* [What is required] Lines below starting with the line with "#50=PLANE('',#355);" and going on through the line with "#353=AXIS2_PLACEMENT_3D('',#521,#446,#447);" must be output exactly; the rest of the records must be left out.

(Records excerpted from a collection)
──────────

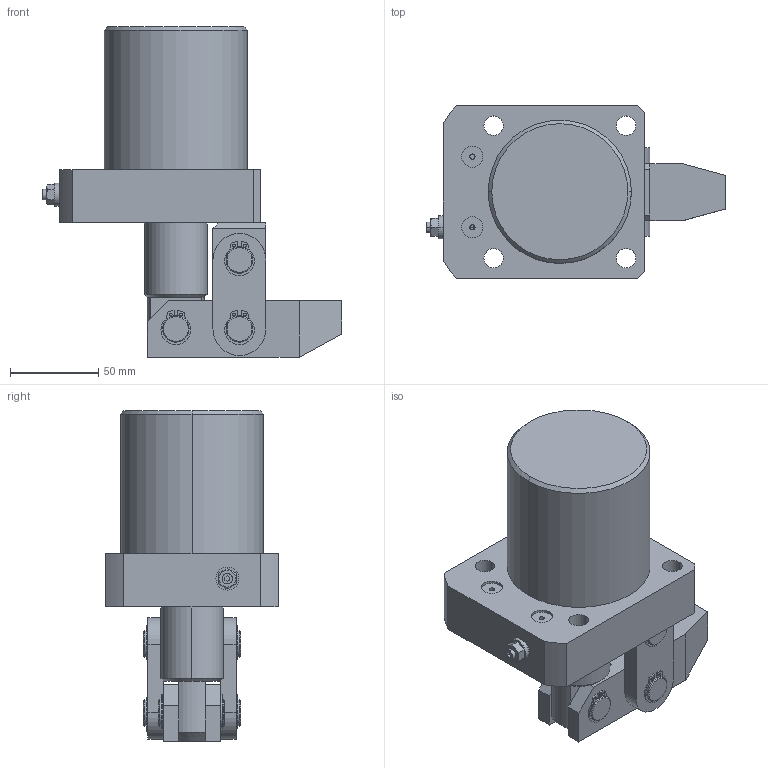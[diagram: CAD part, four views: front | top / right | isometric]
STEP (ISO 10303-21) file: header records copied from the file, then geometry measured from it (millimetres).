
FILE_DESCRIPTION (( 'STEP AP203' ), '1' );
FILE_NAME ('HLC-FAMT63.STEP', '2019-10-10T11:16:21', ( '微软用户' ), ( '微软中国' ), 'SwSTEP 2.0', 'SolidWorks 2012', '' );
FILE_SCHEMA (( 'CONFIG_CONTROL_DESIGN' ));
Length unit declared in the file: millimetre
Products named in the file (10): HLC-FAMT63; circlips for shaft--type a large gb_GB_CONNECTING_PIECE_RING_RRA 15; FCM25-覃誹概; HLC-63活塞杆; HLC-63揤旋; HLC-63盓傅; HLC-63蟀裝; HLC-63酗种; HLC-63傻种; HLC-FAMT63掛极
Assembly tree (16 placements, depth 2):
  HLC-FAMT63
    HLC-FAMT63掛极
    HLC-63傻种
    HLC-63酗种  x2
    HLC-63蟀裝  x2
    HLC-63盓傅
    HLC-63揤旋
    HLC-63活塞杆
    FCM25-覃誹概
    circlips for shaft--type a large gb_GB_CONNECTING_PIECE_RING_RRA 15  x6
Bounding box: 169.7 x 98 x 187 mm (x, y, z)
Volume: 818474.3 mm3; surface area: 146393.5 mm2
Topology: 16 solids, 16 shells, 360 faces, 865 edges, 565 vertices
Faces by surface type: cylinder 197, plane 134, cone 23, torus 6
Entity records: 7650 total; most frequent: DIRECTION 1198, CARTESIAN_POINT 1167, ORIENTED_EDGE 1000, EDGE_CURVE 500, AXIS2_PLACEMENT_3D 472, VERTEX_POINT 323, EDGE_LOOP 271, LINE 254
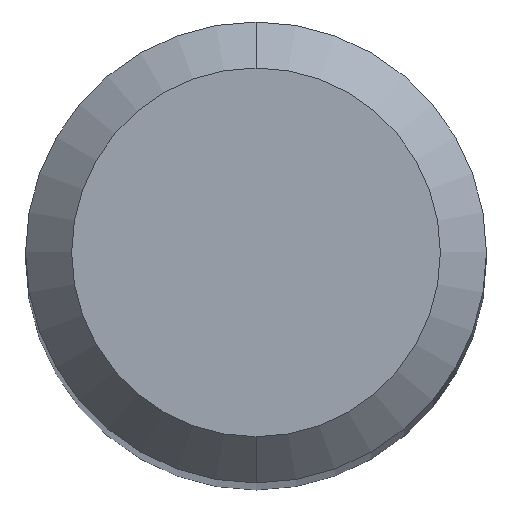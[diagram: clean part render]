
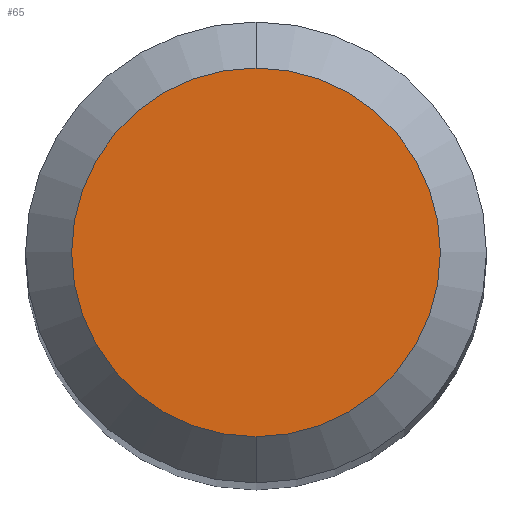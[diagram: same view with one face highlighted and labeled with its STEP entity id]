
A CAD part, top view. The second image highlights one B-rep face of the part: STEP entity #65.
In plain terms, the highlighted planar face has unit normal (0, 0, 1).
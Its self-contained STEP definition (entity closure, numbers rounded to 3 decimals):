
#50=PLANE('',#355);
#65=ADVANCED_FACE('',(#86),#50,.F.);
#86=FACE_OUTER_BOUND('',#101,.T.);
#101=EDGE_LOOP('',(#166,#167));
#114=CIRCLE('',#351,1.6);
#115=CIRCLE('',#353,1.6);
#166=ORIENTED_EDGE('',*,*,#208,.F.);
#167=ORIENTED_EDGE('',*,*,#206,.F.);
#181=VERTEX_POINT('',#516);
#182=VERTEX_POINT('',#518);
#206=EDGE_CURVE('',#181,#182,#114,.T.);
#208=EDGE_CURVE('',#182,#181,#115,.T.);
#351=AXIS2_PLACEMENT_3D('',#517,#441,#442);
#353=AXIS2_PLACEMENT_3D('',#521,#446,#447);
#355=AXIS2_PLACEMENT_3D('',#523,#450,#451);
#441=DIRECTION('',(0.,0.,-1.));
#442=DIRECTION('',(0.,-1.,0.));
#446=DIRECTION('',(0.,0.,-1.));
#447=DIRECTION('',(0.,1.,0.));
#450=DIRECTION('',(0.,0.,-1.));
#451=DIRECTION('',(0.,1.,0.));
#516=CARTESIAN_POINT('',(0.,-1.6,105.));
#517=CARTESIAN_POINT('',(0.,0.,105.));
#518=CARTESIAN_POINT('',(0.,1.6,105.));
#521=CARTESIAN_POINT('',(0.,0.,105.));
#523=CARTESIAN_POINT('',(0.,0.,105.));

──────────

* [Result for this exercise]
#50=PLANE('',#355);
#65=ADVANCED_FACE('',(#86),#50,.F.);
#86=FACE_OUTER_BOUND('',#101,.T.);
#101=EDGE_LOOP('',(#166,#167));
#114=CIRCLE('',#351,1.6);
#115=CIRCLE('',#353,1.6);
#166=ORIENTED_EDGE('',*,*,#208,.F.);
#167=ORIENTED_EDGE('',*,*,#206,.F.);
#181=VERTEX_POINT('',#516);
#182=VERTEX_POINT('',#518);
#206=EDGE_CURVE('',#181,#182,#114,.T.);
#208=EDGE_CURVE('',#182,#181,#115,.T.);
#351=AXIS2_PLACEMENT_3D('',#517,#441,#442);
#353=AXIS2_PLACEMENT_3D('',#521,#446,#447);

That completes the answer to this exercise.